Increasingly, predictive modelling, combining rigorous physics and validation against experimental data, is providing the answers.

This case was undertaken for a major producer of terephthalic acid.

The customer required a convenient tool for model development, with the ability easily to switch between different process configurations.

They also required a powerful tool for validation, with parameter estimation and experiment design capabilities.

The process

PTA is produced using a continuously-operated multi-stage flash cooling process. A typical process is shown on the right.

Crystallisation is a key step in producing product of the desired characteristics with respect to crystal size distribution and median crystal size.

Requirements

The objectives of the project were to:

  • Troubleshoot existing operation
  • Design new crystalliser trains
  • Optimise crystallisers and downstream operations.

The key requirement for the model was that it should be able to:

  • explain observed process behaviour
  • predict behaviour at different operating conditions on same plant
  • predict behaviour on different plants

The model

The basic crystallisation model was taken from PSE's Advanced Model Library for Solution Crystallisation (AML:SC) and customised to meet the project requirements, given the available data.

Two different kinetic models were implemented in order to determine the dominant kinetic effects:

  • a model with power law expressions for primary nucleation, secondary nucleation and crystal growth. No size dependency of crystal growth or attrition (large crystals are more prone to attrition than smaller ones) was taken into account
  • a more mechanistic model which included a detailed attrition model that not only accounted for the crystal size dependency of the attrition rate but also for the size distribution of the attrition fragments formed.

The results showed that the dominant nucleation mechanisms are:

  • primary nucleation, which occurs mainly in the first stage
  • secondary nucleation due to attrition (all stages)

Validation

A key challenge was lack of independent measurements of crystallisation kinetic parameters.

Using the developed model in conjunction with the available data, parameter estimation was used to find the optimum values of unknown parameters.

The objective function included weighting related to variances in validation data as far as these were known (see example in Fig. 3).

In order to identify and eradicate the systematic errors that contribute to variability, model-based experiment design and parameter estimation were used in an iterative loop to determine new validation experiments in order to maximize model fidelity.

Results

The model was used for numerous calculations, ranging from dynamic (e.g. start-up) to steady-state studies.

In particular it was used to determine a more appropriate pressure profile along the multiple crystallisation stages. The aim was to reduce the volume fraction of crystals in the coarse tail of the PSD whilst not decreasing the product median size.
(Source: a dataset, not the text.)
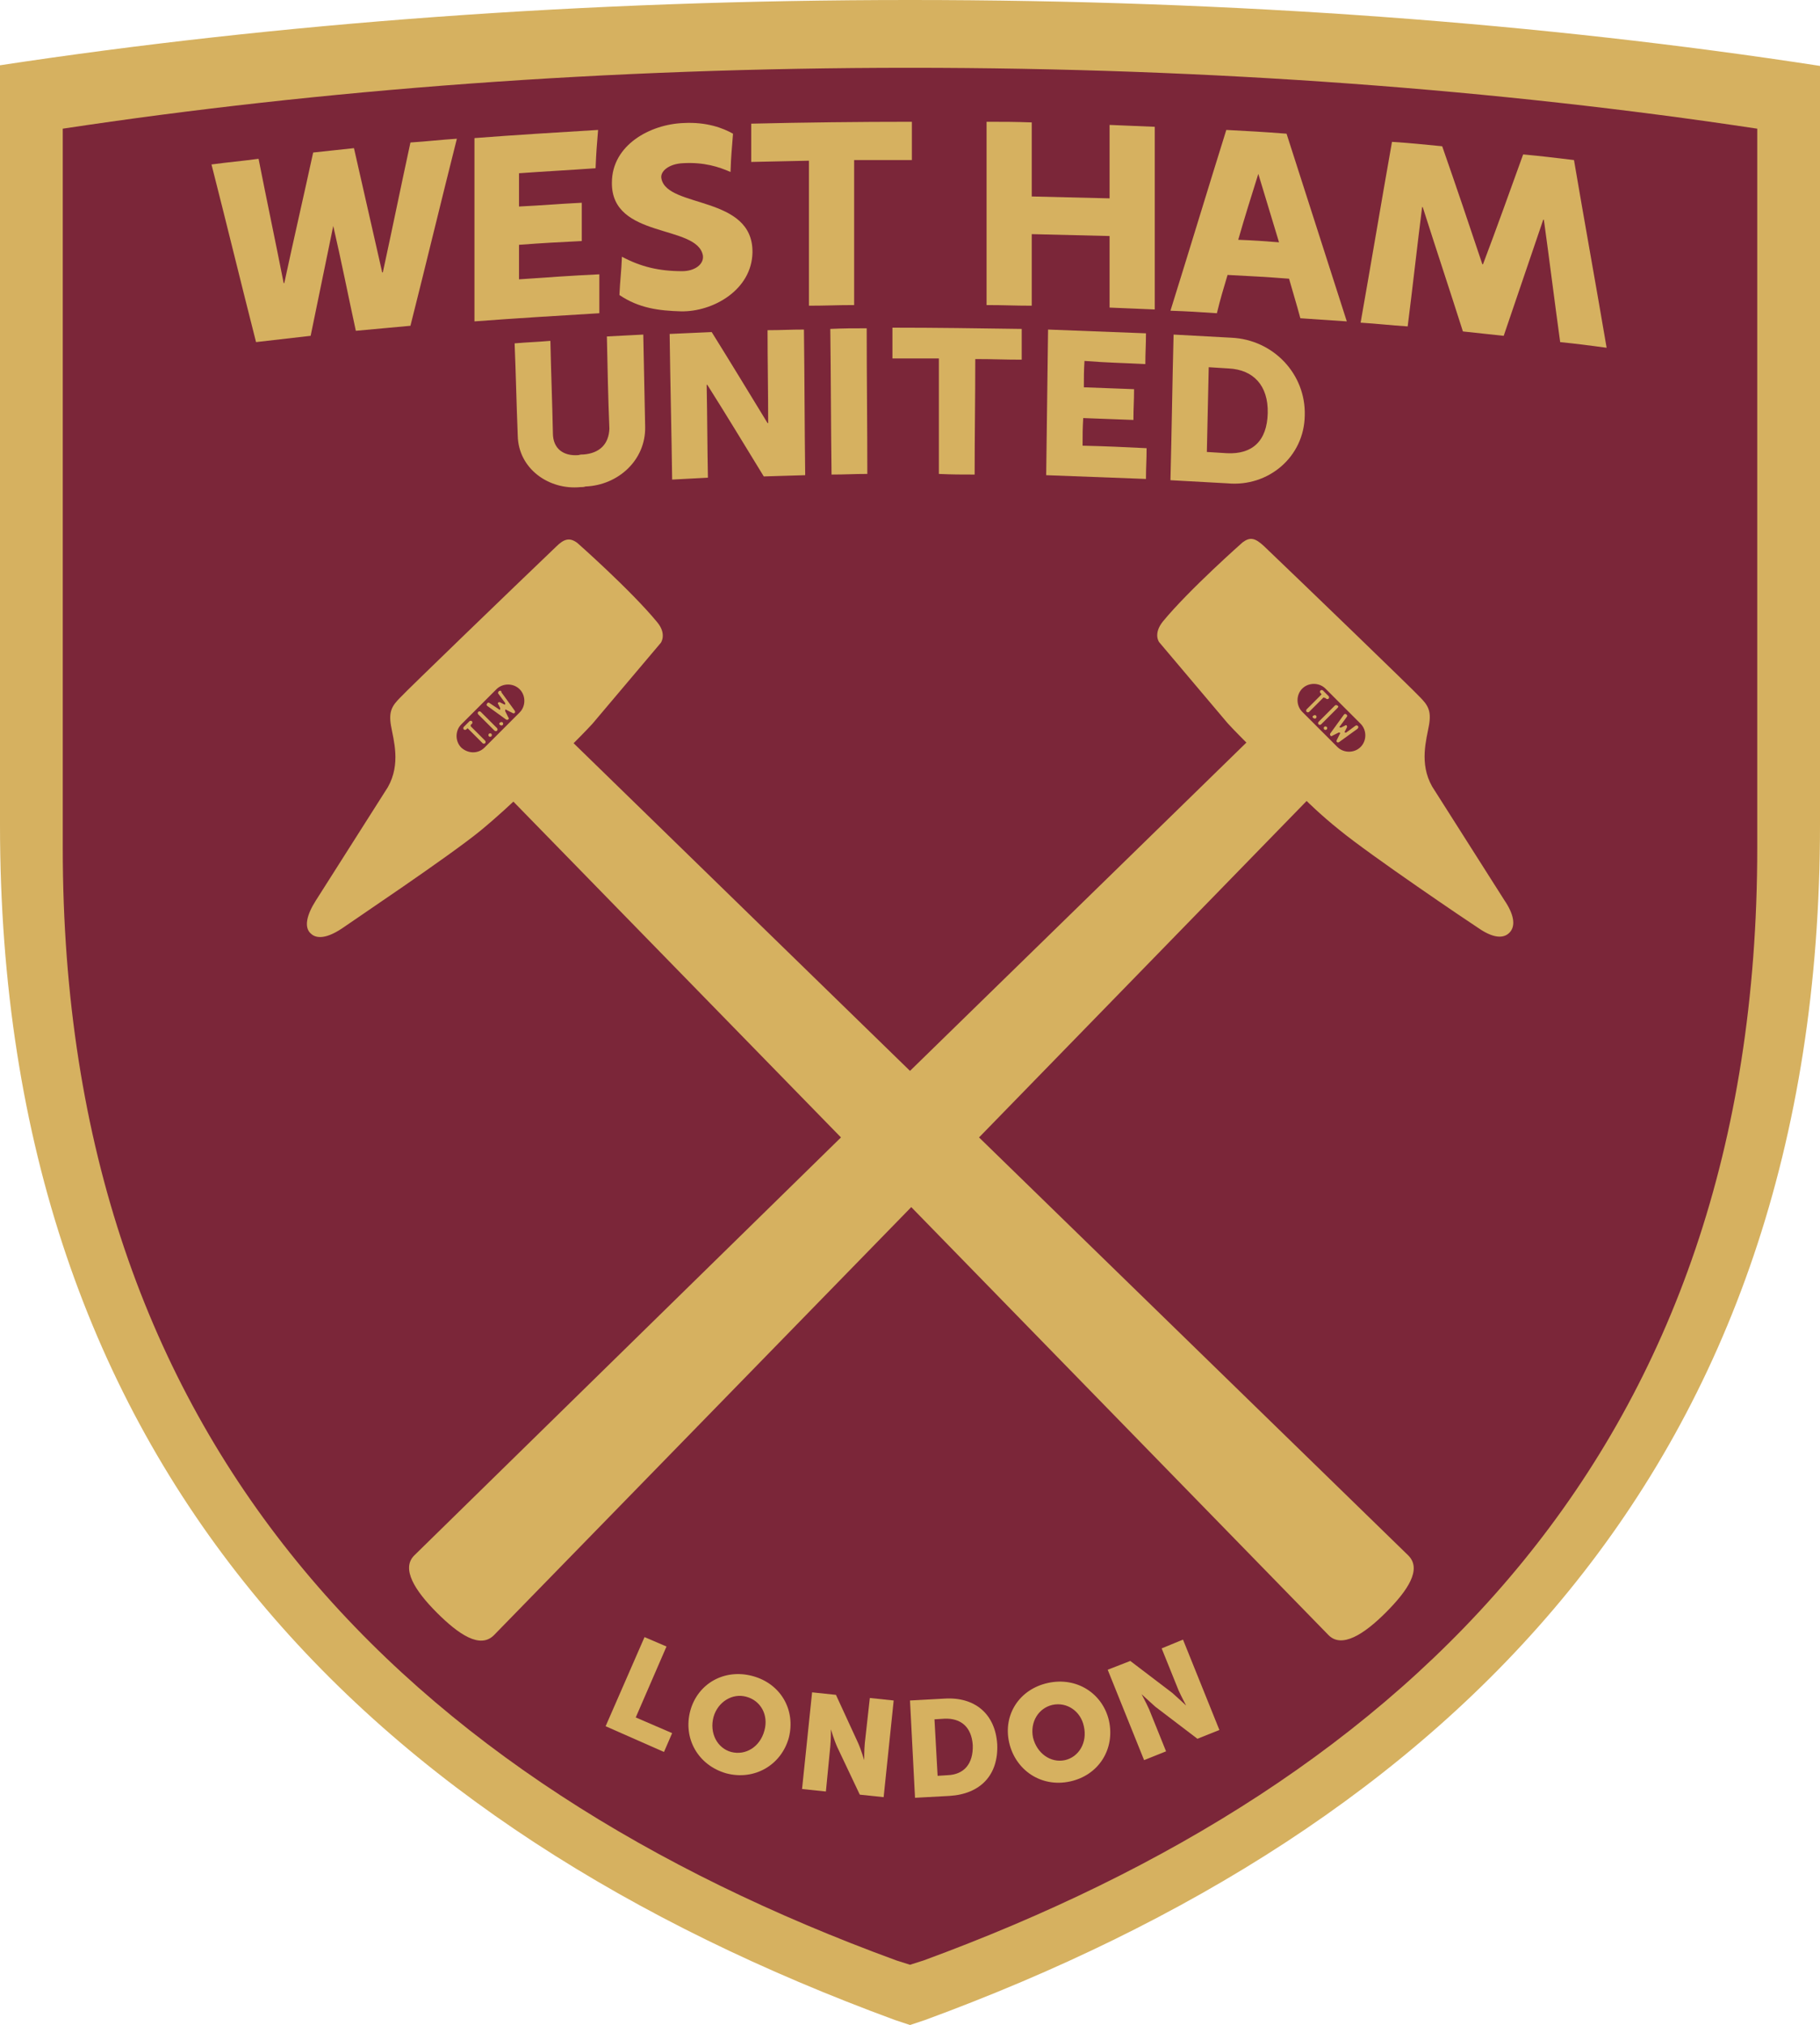 <svg enable-background="new 0 0 290 322.6" viewBox="0 0 290 322.6" xmlns="http://www.w3.org/2000/svg"><path d="m287 155.3-25.1 76.8-51.9 53.9-64.2 32.2-66.5-29.9-49.2-56.9-25.1-67.8v-148.8l137.2-12.2 144.8 12.2z" fill="#7b2639"/><g fill="#d6b160"><path d="m290 10.5c-44.1-6.8-93.2-10.5-145-10.5s-100.9 3.7-145 10.4v.2 120.8c0 102.3 59.3 159.8 142.6 190.4l2.4.8 2.4-.8c83.3-30.6 142.6-88.1 142.6-190.4v-120.7zm-10 10.2v114.4c0 95.2-55.2 148.7-132.8 177.2l-2.2.7-2.2-.7c-77.6-28.4-132.8-82-132.8-177.2v-114.4-.2c41-6.2 86.7-9.7 135-9.7 48.2 0 94 3.5 135 9.7z"/><path d="m228.2 125.3c-2.1-3.7-.9-7.5-.5-9.8s-.2-3.2-1.5-4.5c-1-1.1-18.1-17.6-24.8-24-1.4-1.3-2.2-1.5-3.4-.6 0 0-8.5 7.5-12.7 12.6-1.6 2-.6 3.3-.6 3.3l10.9 12.9c1 1.1 3 3.1 3 3.1l-53.6 52.3-53.6-52.2s2-2 3-3.1l10.9-12.9s1-1.4-.6-3.3c-4.2-5.1-12.7-12.6-12.7-12.6-1.2-.9-2.1-.7-3.4.6-6.7 6.4-23.8 22.9-24.8 24-1.3 1.3-1.9 2.2-1.5 4.5s1.6 6.1-.5 9.8l-11.5 18.1c-1.4 2.2-1.9 4.2-.8 5.2.6.6 2 1.2 5-.8 1.4-1 17.1-11.5 22.1-15.6 2.9-2.4 5.2-4.6 5.2-4.6l52.2 53.5-68 66.6c-2.1 2.1.1 5.6 3.6 9.1s6.9 5.8 9.1 3.6l66.5-68.2 66.5 68.2c2.1 2.1 5.6-.1 9.1-3.6s5.8-6.9 3.6-9.1l-68.4-66.6 52.2-53.6s2.2 2.2 5.2 4.6c5 4.1 20.7 14.7 22.1 15.6 3 2.1 4.4 1.4 5 .8 1.1-1.1.7-3-.8-5.2zm-154.7-6.2c-1-1-1-2.7 0-3.7l5.6-5.6c1-1 2.7-1 3.7 0s1 2.7 0 3.7l-5.6 5.6c-1 1-2.6 1-3.7 0zm143.3-.1c-1 1-2.7 1-3.7 0l-5.6-5.6c-1-1-1-2.7 0-3.7s2.7-1 3.7 0l5.6 5.6c1 1 1 2.7 0 3.7z"/><path d="m213.1 112.4c-.1-.1-.3-.1-.4 0l-2.6 2.6c-.1.1-.1.3 0 .4s.3.1.4 0l2.6-2.6c.2-.2.2-.3 0-.4z"/><path d="m211 116.2c.1.1.3.1.4 0s.1-.3 0-.4-.3-.1-.4 0-.1.3 0 .4z"/><path d="m209.3 114.4c.1.1.3.1.4 0s.1-.3 0-.4-.3-.1-.4 0c-.2.1-.2.3 0 .4z"/><path d="m211.2 111.2.1.1c.1.1.3.1.4 0s.1-.3 0-.4l-.9-.9c-.1-.1-.3-.1-.4 0s-.1.3 0 .4l.1.1c.1.1.1.1 0 .2l-2.3 2.3c-.1.1-.1.3 0 .4s.3.1.4 0l2.3-2.3c.2.1.2.1.3.1z"/><path d="m216 115.6-1.5 1.1c-.1 0-.1 0-.2 0 0 0-.1-.1 0-.2l.3-.6c.1-.1 0-.2 0-.3-.1-.1-.2-.1-.3 0l-.6.3c-.1 0-.1 0-.2 0-.1-.1-.1-.1 0-.2l1.1-1.5c.1-.1.1-.3-.1-.4-.1-.1-.3-.1-.4.1l-2.1 2.9c-.1.1-.1.3 0 .4.1.1.2.1.3 0l1-.5h.2c0 .1.1.1 0 .2l-.5 1c-.1.1 0 .2 0 .3.1.1.3.1.4 0l2.9-2.1c.1-.1.2-.3.1-.4s-.2-.2-.4-.1z"/><path d="m76.2 113.4c-.1.1-.1.3 0 .4l2.6 2.6c.1.1.3.1.4 0s.1-.3 0-.4l-2.6-2.6c-.1-.1-.3-.1-.4 0z"/><path d="m79.7 115.5c.1.1.3.1.4 0s.1-.3 0-.4-.3-.1-.4 0c-.2.1-.2.3 0 .4z"/><path d="m77.9 117.3c.1.1.3.1.4 0s.1-.3 0-.4-.3-.1-.4 0-.1.3 0 .4z"/><path d="m75.1 115.4.1-.1c.1-.1.1-.3 0-.4s-.3-.1-.4 0l-.9.9c-.1.1-.1.3 0 .4s.3.1.4 0l.1-.1c.1-.1.1-.1.2 0l2.3 2.3c.1.1.3.1.4 0s.1-.3 0-.4l-2.3-2.3c0-.2 0-.3.1-.3z"/><path d="m79.5 110.1c-.1.1-.2.3-.1.4l1.1 1.5v.2s-.1.1-.2 0l-.6-.3c-.1-.1-.2 0-.3 0-.1.1-.1.2 0 .3l.3.6v.2c-.1.1-.1.1-.2 0l-1.5-1c-.1-.1-.3-.1-.4.1-.1.1-.1.3.1.4l2.9 2.1c.1.1.3.1.4 0 .1-.1.1-.2 0-.3l-.5-1c0-.1 0-.1 0-.2s.1-.1.2 0l1 .5c.1.1.2 0 .3 0 .1-.1.1-.3 0-.4l-2.1-2.9c0-.3-.2-.3-.4-.2z"/><path d="m93 72.4c-.3 0-.5 0-.8.1-2.4.2-4.1-1-4.1-3.5-.1-4.9-.3-9.8-.4-14.7-2.3.2-3.4.2-5.7.4.2 4.9.3 9.8.5 14.7.1 5.3 5 8.7 10 8.2.3 0 .5 0 .8-.1 5.2-.2 9.6-4.2 9.5-9.5-.1-4.9-.2-9.8-.3-14.7-2.3.1-3.5.2-5.8.3.1 4.9.2 9.8.4 14.7-.1 2.5-1.6 3.9-4.1 4.1z"/><path d="m121.7 75.9c2.6-.1 3.9-.1 6.6-.2-.1-7.7-.1-15.5-.2-23.2-2.3 0-3.5.1-5.8.1 0 4.9.1 9.9.1 14.8 0 0 0 0-.1 0-3-4.9-5.9-9.7-8.9-14.5-2.7.1-4 .2-6.7.3.1 7.7.3 15.5.4 23.2 2.3-.1 3.4-.2 5.7-.3-.1-4.9-.1-9.9-.2-14.8h.1c3.1 4.9 6 9.7 9 14.6z"/><path d="m132.5 75.6c2.3 0 3.4-.1 5.7-.1 0-7.7-.1-15.5-.1-23.2-2.3 0-3.5 0-5.8.1.1 7.7.1 15.5.2 23.2z"/><path d="m155.3 75.6c0-6.1.1-12.2.1-18.4 3 0 4.4.1 7.4.1 0-2 0-2.9 0-4.9-6.9-.1-13.7-.2-20.6-.2v4.9h7.4v18.4c2.3.1 3.4.1 5.7.1z"/><path d="m182.5 58c0-2 .1-2.9.1-4.9-5.2-.2-10.4-.4-15.6-.6-.1 7.7-.2 15.5-.3 23.2 5.3.2 10.6.4 15.9.6 0-2 .1-2.9.1-4.9-4.1-.2-6.1-.3-10.2-.4 0-1.8 0-2.6.1-4.4 3.2.1 4.8.2 8 .3 0-2 .1-2.9.1-4.9-3.2-.1-4.8-.2-8-.3 0-1.7 0-2.5.1-4.2 3.9.3 5.8.3 9.7.5z"/><path d="m196.2 53.8c-3.7-.2-5.5-.3-9.2-.5-.2 7.7-.3 15.5-.5 23.2 3.6.2 5.5.3 9.1.5 6.5.6 12.2-4.2 12.3-10.8.2-6.6-5-12.1-11.7-12.4zm-.7 18.4c-1.3-.1-1.9-.1-3.2-.2l.3-13.5c1.3.1 1.9.1 3.2.2 3.9.2 6.3 2.7 6.2 7.1-.1 4.5-2.5 6.6-6.5 6.4z"/><path d="m53.1 36c1.3 5.6 2.4 11.2 3.6 16.7 3.5-.3 5.2-.5 8.7-.8 2.5-9.9 4.9-19.9 7.4-29.8-3 .2-4.4.4-7.4.6-1.5 6.9-2.9 13.8-4.4 20.7 0 0 0 0-.1 0-1.5-6.6-3-13.2-4.5-19.8-2.6.3-3.9.4-6.5.7-1.5 6.9-3.1 13.8-4.6 20.8 0 0 0 0-.1 0-1.3-6.6-2.7-13.2-4-19.8-3 .4-4.5.5-7.5.9 2.4 9.4 4.7 18.9 7.1 28.3 3.5-.4 5.2-.6 8.7-1 1.2-5.8 2.4-11.7 3.6-17.5z"/><path d="m242.7 24.6c-2.1 5.8-4.2 11.7-6.4 17.5 0 0 0 0-.1 0-2.1-6.3-4.2-12.5-6.4-18.8-3.2-.3-4.8-.5-8-.7-1.7 9.6-3.3 19.2-5 28.8 3 .2 4.5.4 7.5.6.8-6.3 1.5-12.7 2.3-19h.1c2.1 6.6 4.3 13.2 6.4 19.8 2.6.3 3.9.4 6.5.7 2.1-6.2 4.2-12.3 6.3-18.5h.1c.9 6.5 1.7 13 2.6 19.5 2.9.3 4.4.5 7.4.9-1.7-10-3.5-19.9-5.2-29.9-3.4-.4-4.9-.6-8.1-.9z"/><path d="m95.5 43.7c-4.3.2-8.5.5-12.8.8 0-2.2 0-3.3 0-5.5 4-.3 6-.4 10-.6v-6.1c-4 .2-6 .4-10 .6 0-2.1 0-3.2 0-5.3 4.1-.3 8.1-.5 12.2-.8.1-2.5.2-3.7.4-6.1-6.6.4-13.2.8-19.7 1.3v29.2c6.6-.5 13.3-.9 19.9-1.3 0-2.5 0-3.7 0-6.2z"/><path d="m128.9 48.7c2.9 0 4.3-.1 7.2-.1 0-7.7 0-15.4 0-23.1h9.2c0-2.5 0-3.7 0-6.1-8.5 0-17.1.1-25.6.3v6.1c3.7-.1 5.5-.1 9.2-.2z"/><path d="m164.4 37.3c4.1.1 8.3.2 12.4.3v11.4c2.9.1 4.3.2 7.2.3v-29.1c-2.9-.1-4.3-.2-7.2-.3v11.7c-4.1-.1-8.3-.2-12.4-.3v-11.8c-2.9-.1-4.3-.1-7.2-.1v29.2c2.9 0 4.3.1 7.2.1z"/><path d="m195.6 43.8c3.9.2 5.9.3 9.8.6.7 2.5 1.1 3.7 1.8 6.3 2.9.2 4.4.3 7.4.5-3.2-10-6.4-19.9-9.6-29.9-3.9-.3-5.8-.4-9.6-.6-3 9.6-5.9 19.2-8.9 28.8 2.9.1 4.4.2 7.4.4.6-2.5 1-3.7 1.7-6.1zm4.9-16.1c1.1 3.6 2.2 7.3 3.3 10.9-2.6-.2-3.9-.3-6.5-.4 1-3.5 2.1-7 3.2-10.5z"/><path d="m112 40.7c.2 1.4-1.3 2.5-3.3 2.5-3.7 0-6.6-.7-9.6-2.3-.1 2.5-.3 3.8-.4 6.1 3.1 2.1 6.3 2.5 9.8 2.6 5.1.1 11.3-3.4 11.4-9.4.1-9.1-13.5-7-14.5-11.7-.3-1.2 1.2-2.4 3.4-2.5 3.4-.2 5.8.6 7.6 1.4.1-2.9.2-3.3.4-6.1-1.6-.9-4.2-1.9-7.9-1.7-5.3.2-11.4 3.5-11.4 9.5-.1 9 13.6 6.6 14.5 11.6z"/><path d="m106.2 262.3-3.5-1.5-6.2 14.2 9.3 4.1 1.3-3-5.8-2.5z"/><path d="m119.9 267c-4.5-1.2-8.7 1.2-9.9 5.5-1.2 4.4 1.2 8.7 5.7 10 4.5 1.2 8.8-1.3 10-5.7 1.1-4.4-1.3-8.6-5.8-9.8zm1.9 8.7c-.7 2.6-3 4-5.3 3.4-2.2-.6-3.5-3-2.8-5.6.7-2.4 3-3.8 5.2-3.2 2.3.6 3.6 2.9 2.9 5.4z"/><path d="m137.8 277.7c-.1 1-.1 2.7-.1 2.7s-.5-1.7-1-2.8l-3.5-7.6-3.8-.4-1.6 15.4 3.8.4.7-7.2c.1-1 .1-2.7.1-2.7s.5 1.7 1 2.8l3.6 7.6 3.8.4 1.6-15.4-3.8-.4z"/><path d="m150.5 270.6-5.5.3.8 15.5 5.5-.3c4.9-.3 7.8-3.3 7.6-8.2-.3-4.9-3.6-7.6-8.4-7.3zm.5 12.2-1.6.1-.5-9 1.6-.1c2.6-.1 4.3 1.3 4.5 4.2.1 3-1.4 4.7-4 4.8z"/><path d="m167 268.1c-4.6 1-7.2 5.1-6.2 9.5s5.1 7.2 9.7 6.2 7.2-5.2 6.2-9.7c-1-4.3-5.1-7-9.7-6zm2.7 12.3c-2.3.5-4.5-1.1-5.1-3.6-.5-2.5.9-4.7 3.1-5.2 2.3-.5 4.5 1 5 3.4.6 2.6-.8 4.9-3 5.4z"/><path d="m185.1 262.6 2.7 6.7c.4.9 1.2 2.4 1.2 2.4s-1.3-1.2-2.2-2l-6.7-5.1-3.6 1.4 5.8 14.4 3.5-1.4-2.7-6.7c-.4-.9-1.2-2.4-1.2-2.4s1.3 1.2 2.2 2l6.7 5.1 3.5-1.4-5.8-14.4z"/></g></svg>

Selected results are shown on the right:

  • Fig. 4 shows the supersaturation curves for each of the stages over time
  • Fig. 5 shows similar profiles for crystal mass production
  • Fig. 6 is a 3-dimensional plot of size mass index vs volume mass density vs time
  • Fig. 7 shows various quantiles in a key stage over the start-up period

Conclusions

The result of the model validation and resolution of the speed and robustness issues was a versatile and descriptive model that executed robustly.

This demonstrated for the first time that models of the complexity and fidelity of the AML:SC models – even when used in multizonal configurations – could be applied successfully to a large-scale, multiple-stage crystallization process.